The reality is that performance and code reuse are more important than security to most people. This is predicated on the illusion that insecure software isn’t that big of a deal — seemingly resulting in financial loss and inconvenience, not human safety.

I’d like to flip that argument on its head for a moment. Even if *most* software does not affect human safety, we are missing out on the full potential of software by collectively accepting that critical systems can be built on insecure languages. Insecurity is stifling innovation. According to a NTT Com Security report 49% of businesses have either stopped a project or business idea due to security worries. The healthcare industry in particular could be delivering even more innovation than it does today if not for security worries, which means we are experiencing an opportunity cost of saved lives. Framed this way, the cost of thinking that software security “isn’t that big of a deal” is affecting human safety.

If we were serious about software security, we would be encouraging innovation away from insecure technology. Perhaps today it is true that one cannot write a Web browser that will gain real market share in anything but C or one of it’s unmanaged derivatives. Yet I refuse to believe that it will always be the case, and therefore that we cannot make a concerted effort to push development teams to adopt safer language alternatives for ubiquitous and critical software. What if instead of hosting contests to build self-patching software, government grants instead incentivized development and maintenance of software like browsers, operating system components(1), or web servers built on safer language alternatives.

Critics will rightly point out that even software in managed languages has security vulnerabilities. As somebody who spends every day focusing on software security requirements, I can tell you that the task of building a real-world application free of known, preventable software security defects is substantially more difficult in C/C++ than it is in managed language equivalents. Thus, the move away from C/C++ would be only one step on the journey to building trustworthy systems, but it would be a major one.

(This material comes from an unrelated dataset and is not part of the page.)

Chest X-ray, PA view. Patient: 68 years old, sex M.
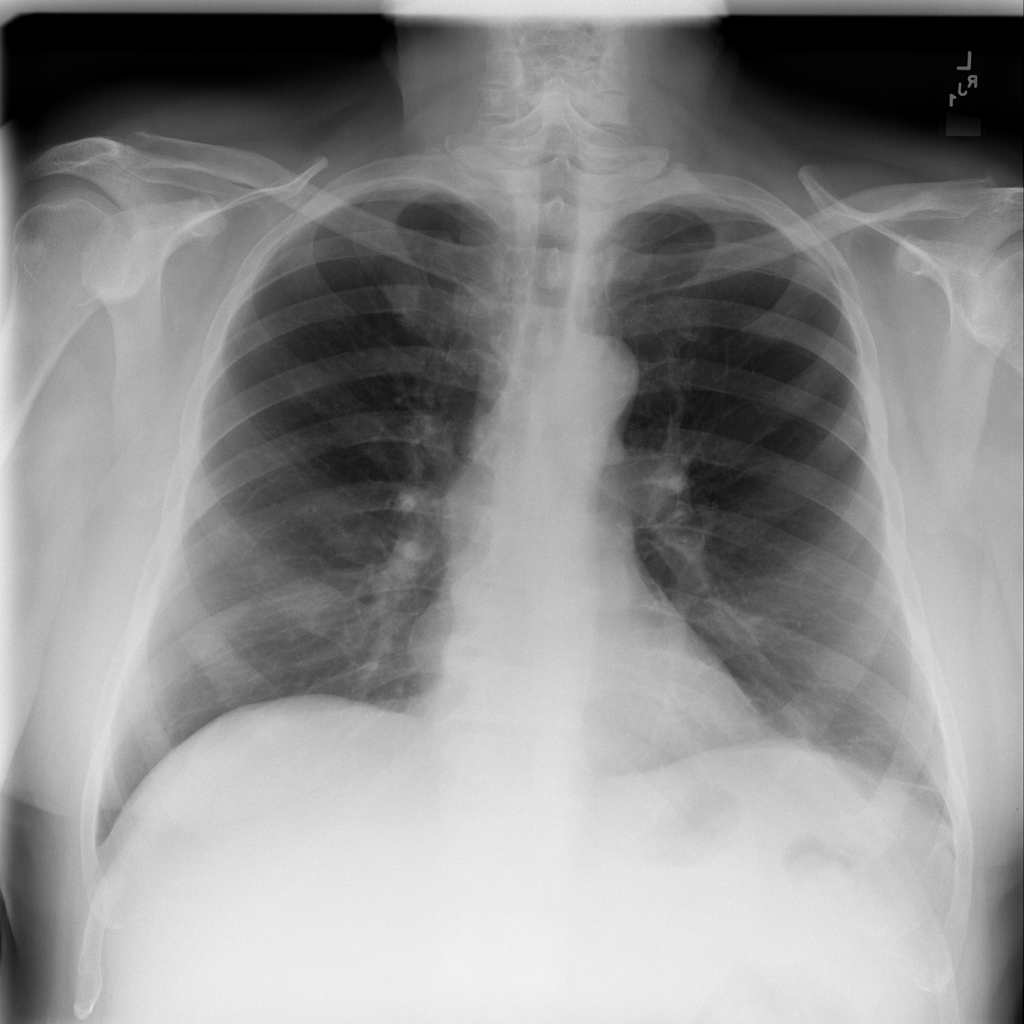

I am tired of hearing popular refrains such as “you can’t make anything 100% secure” or “it only takes one mistake for a hacker to break your system”. These may be true, but that doesn’t mean we should be content with the status quo. Driving on a highway may never be 100% safe, but it is much safer now than it was 100 years ago. Here’s a goal I propose we can strive for: a software development team ought to be able to produce software 99.9% free of known, preventable software security weaknesses (i.e. those covered in the Common Weakness Enumeration [CWE]) using a commercially reasonable amount of money & effort. The measurement of commercially reasonable would of course have to be nailed down, but it’s a starting point. We would still have the occasional security exploit, either a CWE flaw that slipped through the cracks, or a domain-specific issue that isn’t captured in the CWE. However, if these were actually rare rather than ubiquitous as they are now, public trust in software and the downstream effects on our technology-based economy would start to improve. Fears about information security would slowly start to dissipate. Eventually, the innovation that was previously stifled would start to unlock, and healthcare innovation in particular would improve and ultimately save more people’s lives.

The software industry is negatively impacting society by its lack of attention to security. Worse, this lack of attention inhibits innovation in other important industries, such as health care, that have the potential to raise general well-being and save lives. Most importantly, many severe security faults are almost entirely preventable — some simply by selecting a different technology. We have an imperative to change.
(1) Recognizing that *some* parts of an OS must be written in an unmanaged language, we can still encourage the majority of functions to be written in memory safe languages.